Crystallographic investigations of nicotinamide adenine dinucleotide binding to horse liver alcohol dehydrogenase.

The binding of NAD to liver alcohol dehydrogenase has been studied in four different ternary complexes by using crystallographic methods. These complexes crystallize isomorphously in a triclinic crystal form which contains the whole dimer of the enzyme in the asymmetric unit. This form of the enzyme has been refined at 2.9-A resolution to a crystallographic R factor of 0.22. NAD binds in essentially the same way in these complexes. The binding site is located at the central part of the coenzyme binding domain. The adenine ring binds with hydrophobic interactions between two isoleucine side chains. Both ribose rings have 2E(C2'-endo) puckering, and each ribose makes three hydrogen bonds to the enzyme. The pyrophosphate bridge has hydrogen bonds to the side chains of arginine-47 and -369 and to main chain nitrogen atoms from the amino ends of two alpha-helices.

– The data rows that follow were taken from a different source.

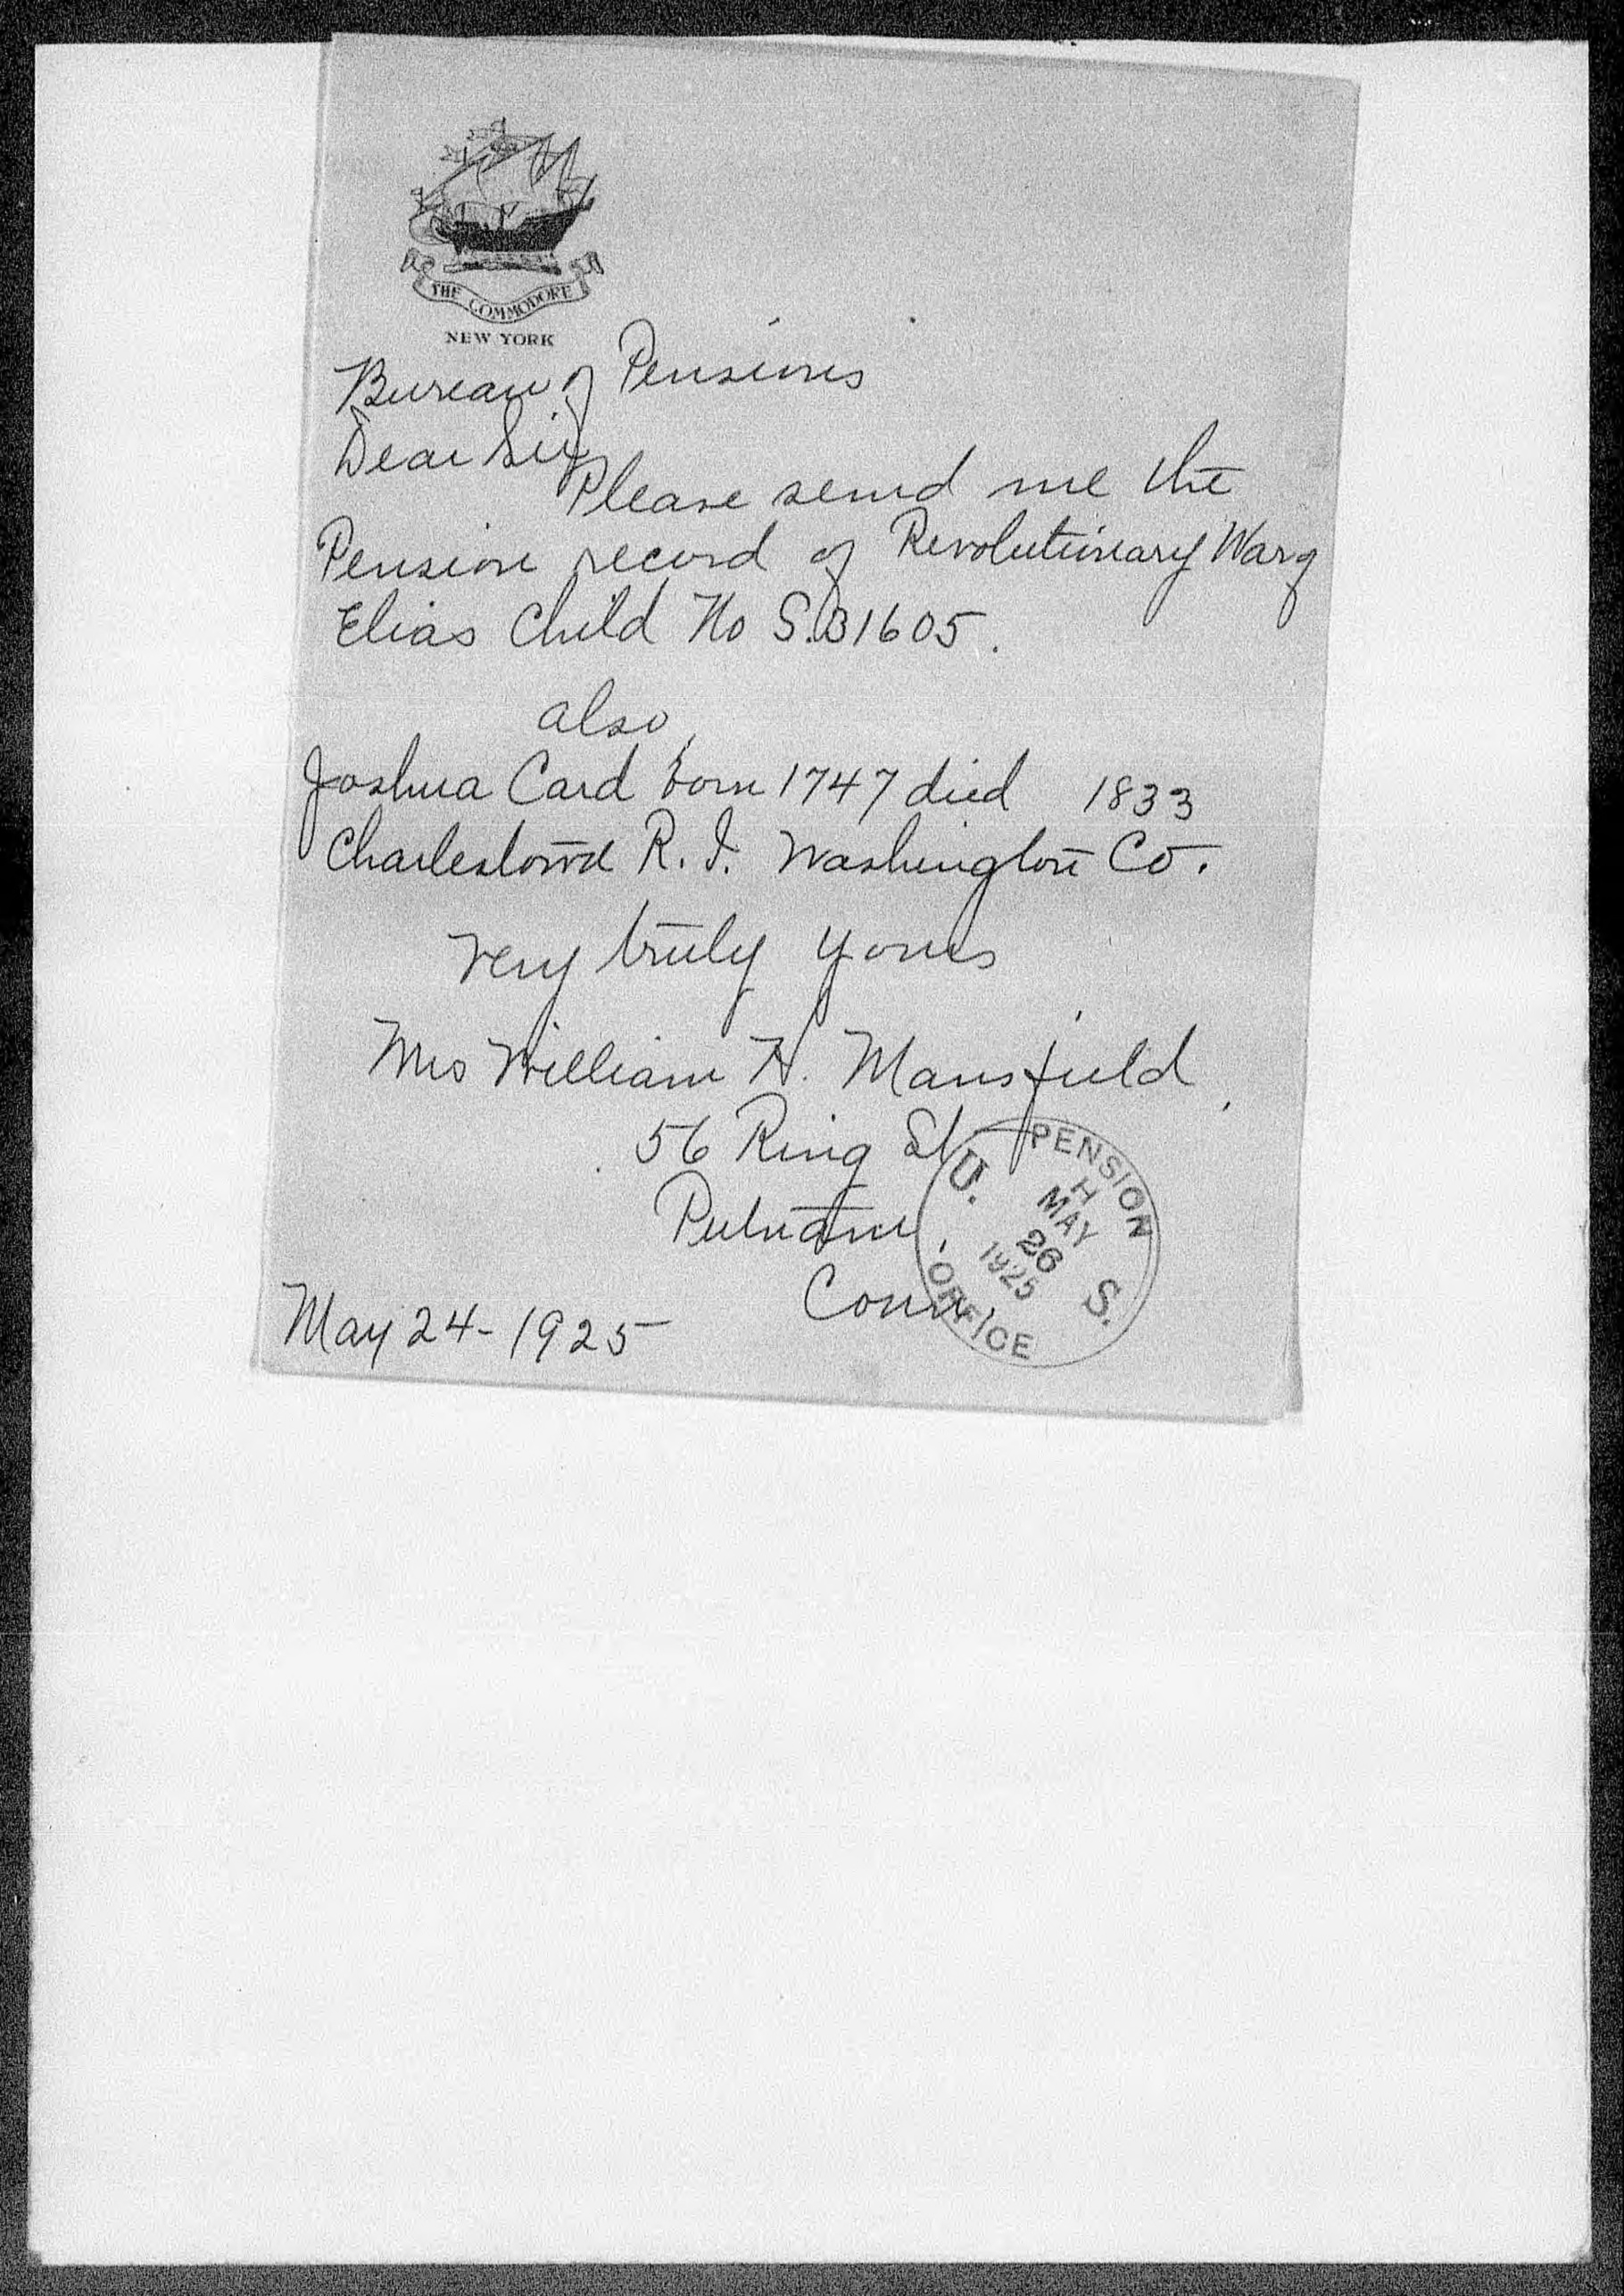THE COMMODORE NEW YORK
Bureau Pensions

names: William H Mansfield, Joshua Card, Elias Child
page: 28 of 34
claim: survivor's
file: S. 31,605, Elias Child, Conn.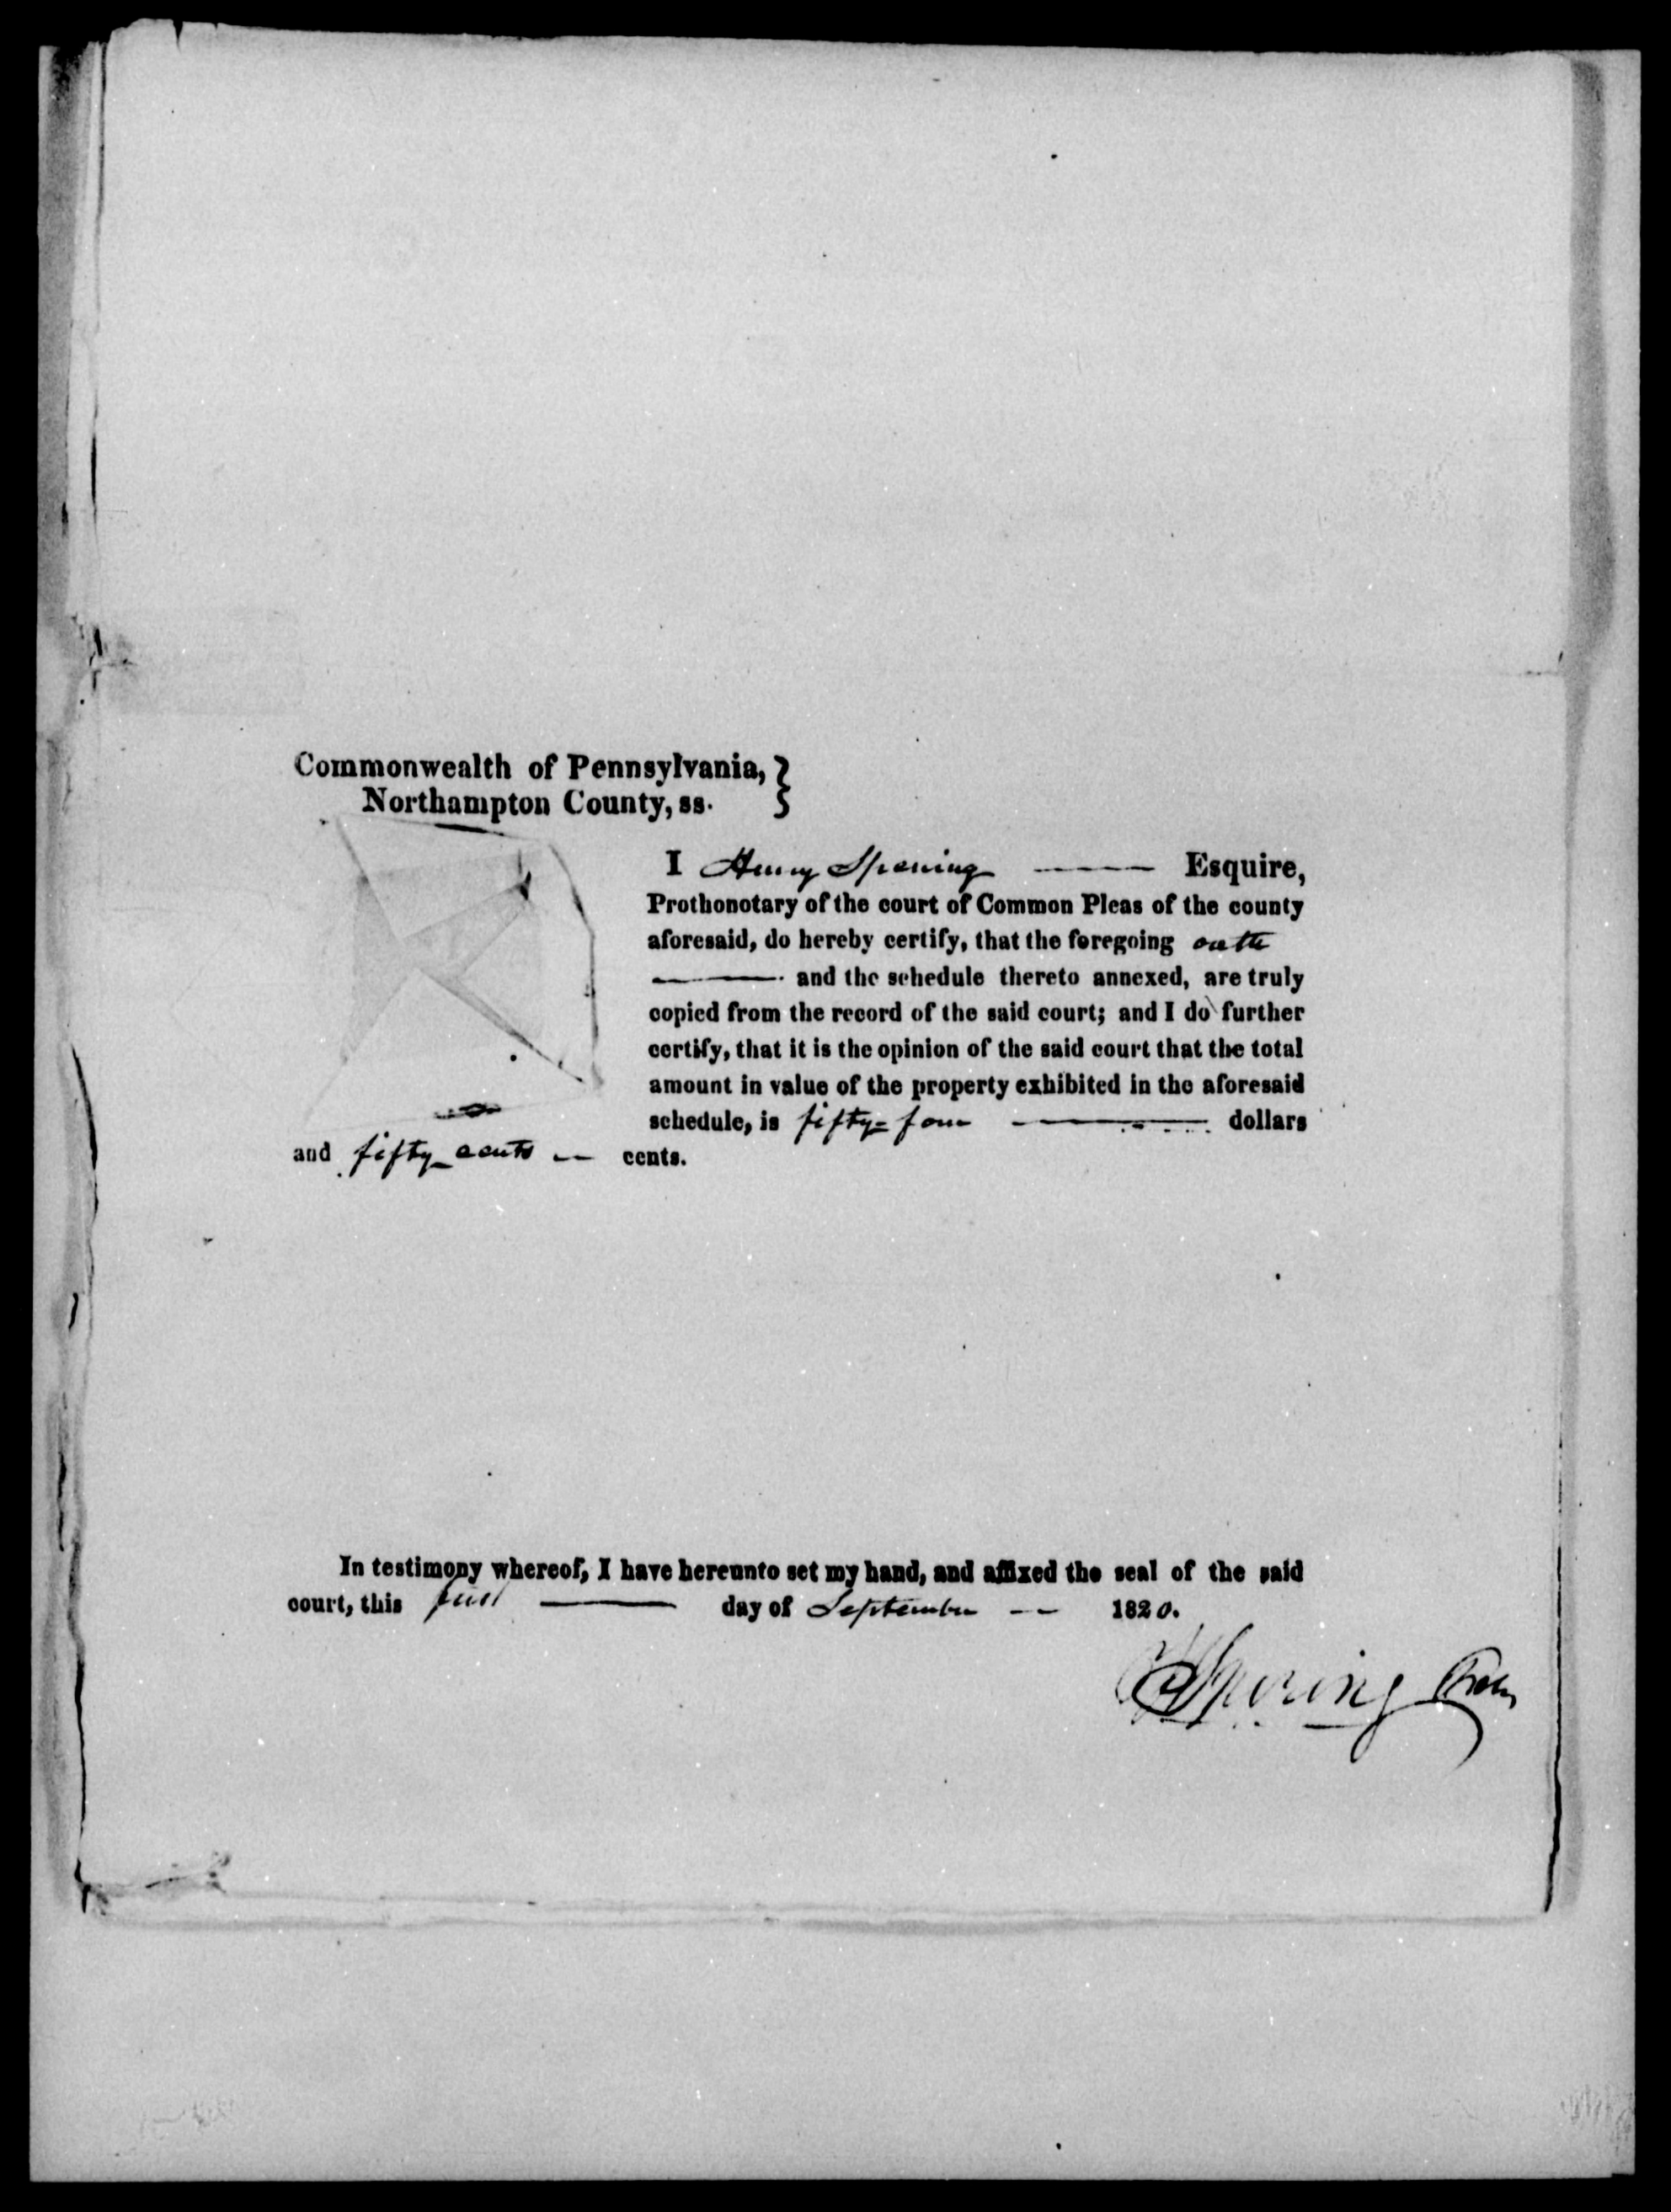Commonwealth of Pennsylvania, Northampton County, ss. 

I Henry Spering Esquire, Prothonotary of the court of Common Pleas of the county aforesaid, do hereby certify, that the foregoing oath and the schedule thereto annexed, are truly copied from the record of the said court; and I do further certify, that it is the opinion of the said court that the total amount in value of the property exhibited in the aforesaid schedule, is fifty-four dollars and fifty cents

In testimony whereof, I have hereunto set my hand, and affixed the seal of the said court, this first day of September 1820

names: H Spering; Henry Spering
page: 6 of 19
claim: survivor's
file: S. 40410, for Ludwig Shoup, Pennsylvania

The nicotinamide ring is in van der Waals contact with the active-site zinc atom and with the sulfur atoms of its cysteine ligands. The carboxamide group is about 30 degrees out of the plane of the nicotinamide ring and hydrogen bonds to main chain atoms of residues 292,317, and 319. The overall conformation of the NAD molecule is similar to that observed for other dehydrogenases, but differs in details. In the presence of the coenzyme, the enzyme undergoes a large conformational change from an open to a closed form. This conformational change has three major effects: to create favorable binding interactions with groups of the enzyme, to enclose the coenzyme and gain binding energy for the coenzyme by reducing the accessible surface area, and to close off one entrance to the active site. As a comparison, ADP-ribose binding has been studied in the open form of the enzyme. The adenosine moiety binds in a similar way as NAD, while the rest of the molecule has different interactions.